Another potential issue (or at least something you need to be aware of) is that Mongo's geospatial support isn't 100% year. They only provide 2d and the math they use assumes that 1° of longitude is the same at the poles as it is at the equator. For many applications, this isn't a huge issue, but if precision is important, Mongo's not ready for this type of use.

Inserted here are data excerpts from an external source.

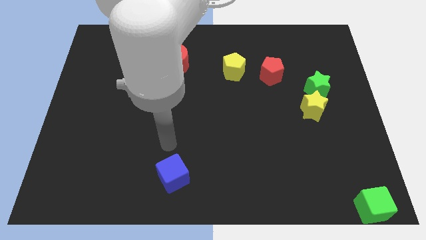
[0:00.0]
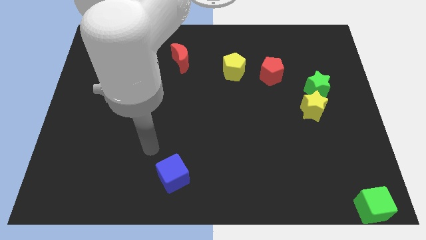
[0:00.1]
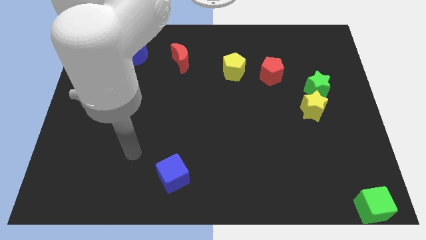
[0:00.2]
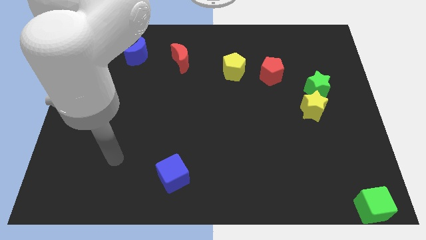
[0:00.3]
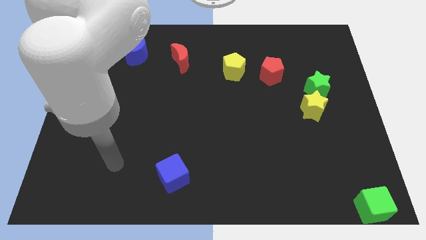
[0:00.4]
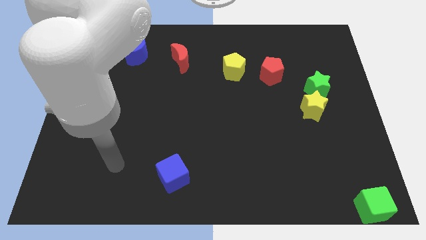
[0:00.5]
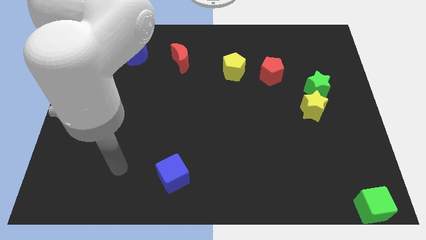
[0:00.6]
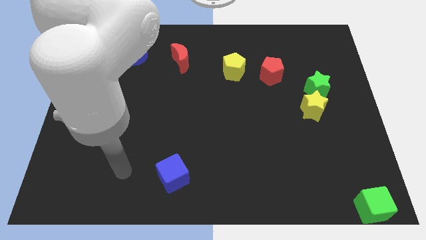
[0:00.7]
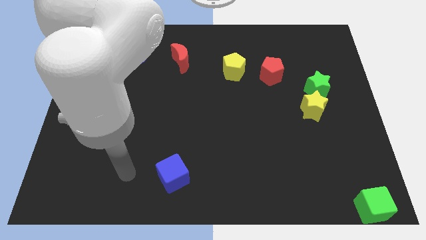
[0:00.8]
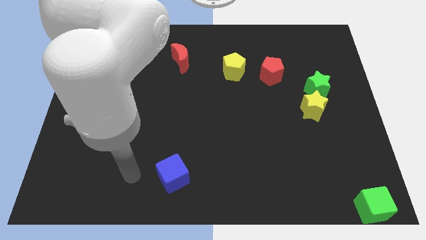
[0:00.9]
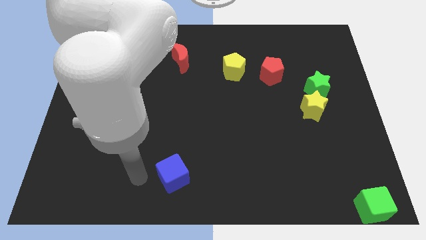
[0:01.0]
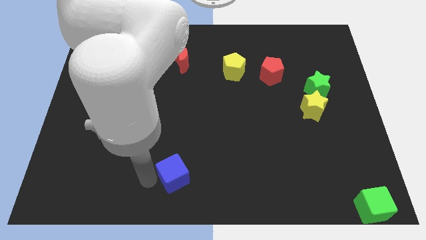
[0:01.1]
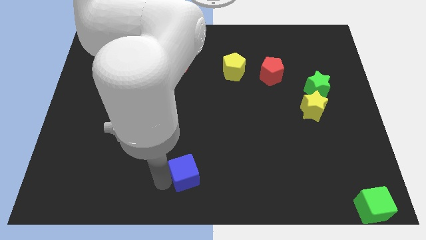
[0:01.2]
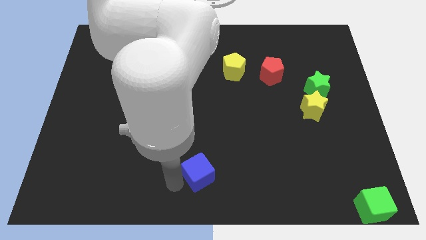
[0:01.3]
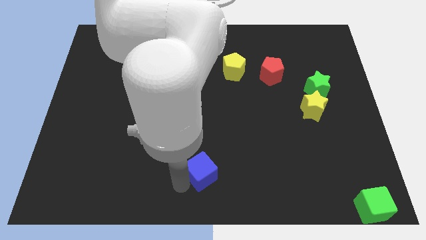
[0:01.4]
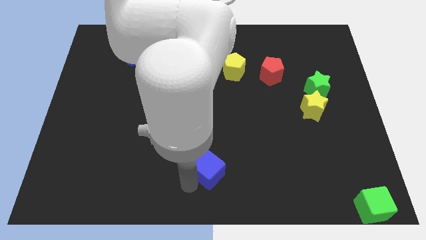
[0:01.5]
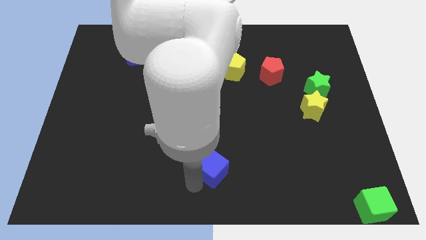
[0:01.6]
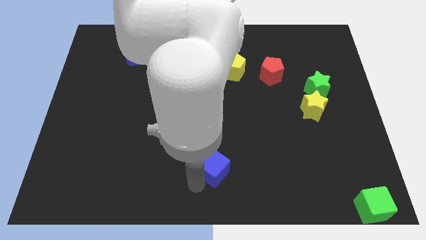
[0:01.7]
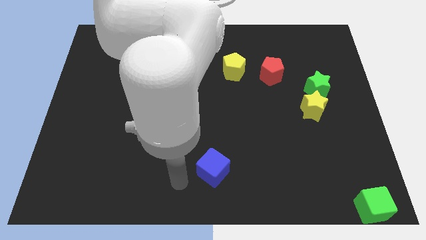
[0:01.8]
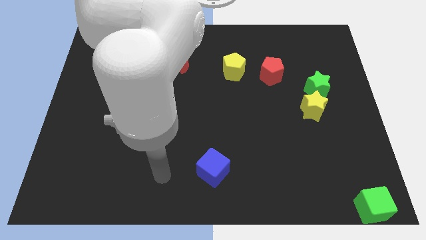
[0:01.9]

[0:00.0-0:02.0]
place the blue cube vertically below the yellow pentagon

One thing that I'm looking forward to is Mongo's sharding. That is going to allow Mongo to scale horizontally really well. Some of the initial test results look amazing. What will be really interesting is to see how well is scales down. It's one thing to have over 300,000 ops/sec on a bigger box, another thing to be able to manage it on something like a 1gb instance on Rackspace Cloudservers.
Two Biggest Issues
First, Mongo's a master-slave system. It appears really robust, but whenever a box takes on a special role I start to get nervous. One of the promises of &lquot;NoSQL&rquot; is that it provides a tremendous amount of resilience. Any time you start to add special nodes you're taking away from that.
For example, if you're running 5 homogeneous servers and one goes down, the other 4 can pick up the slack—assuming you're not running 5 servers at peak capacity. This makes failure planning easy: figure up the amount of CPU time you need to handle your load, provision that many servers, then add enough servers to be comfortable when they start failing. Need 3 servers, provision 5 and you can have two failures before you peg your machines.
This isn't to say Mongo can't handle failures. It's current model is
rebalancing the load when one of the servers goes out. mongos
is the tool to
read up on for handling this. Unfortunately, I haven't been able to dive into
it yet. The only way to know for sure is to build up a cluster then start
killing servers. Of course, this type of testing is preferred for any data
storage system.
Second, the license. I'm not anti-AGPL, but there's some ambiguity. The Mongo
team has addressed this both on the
wiki and through an in-depth
blog post. According to
that, I can write up a service such as MongoHQ and as long as I don't
actually change the mongod
or mongos
code I'm fine.
On the other hand, most of the definitions I've read of the AGPL mean that code that talks to it is subject to being hit with the AGPL. I don't have any doubts with 10gen, but if they don't always own the copyright
Of course, those last two paragraphs are with the caveat I am not a lawyer.
I think Mongo is an amazingly compelling piece of software in the non-standard database realm. With the upcoming sharding and what I would have to imagine is an eminent fix to the geospatial queries, Mongo's definitely worth a look.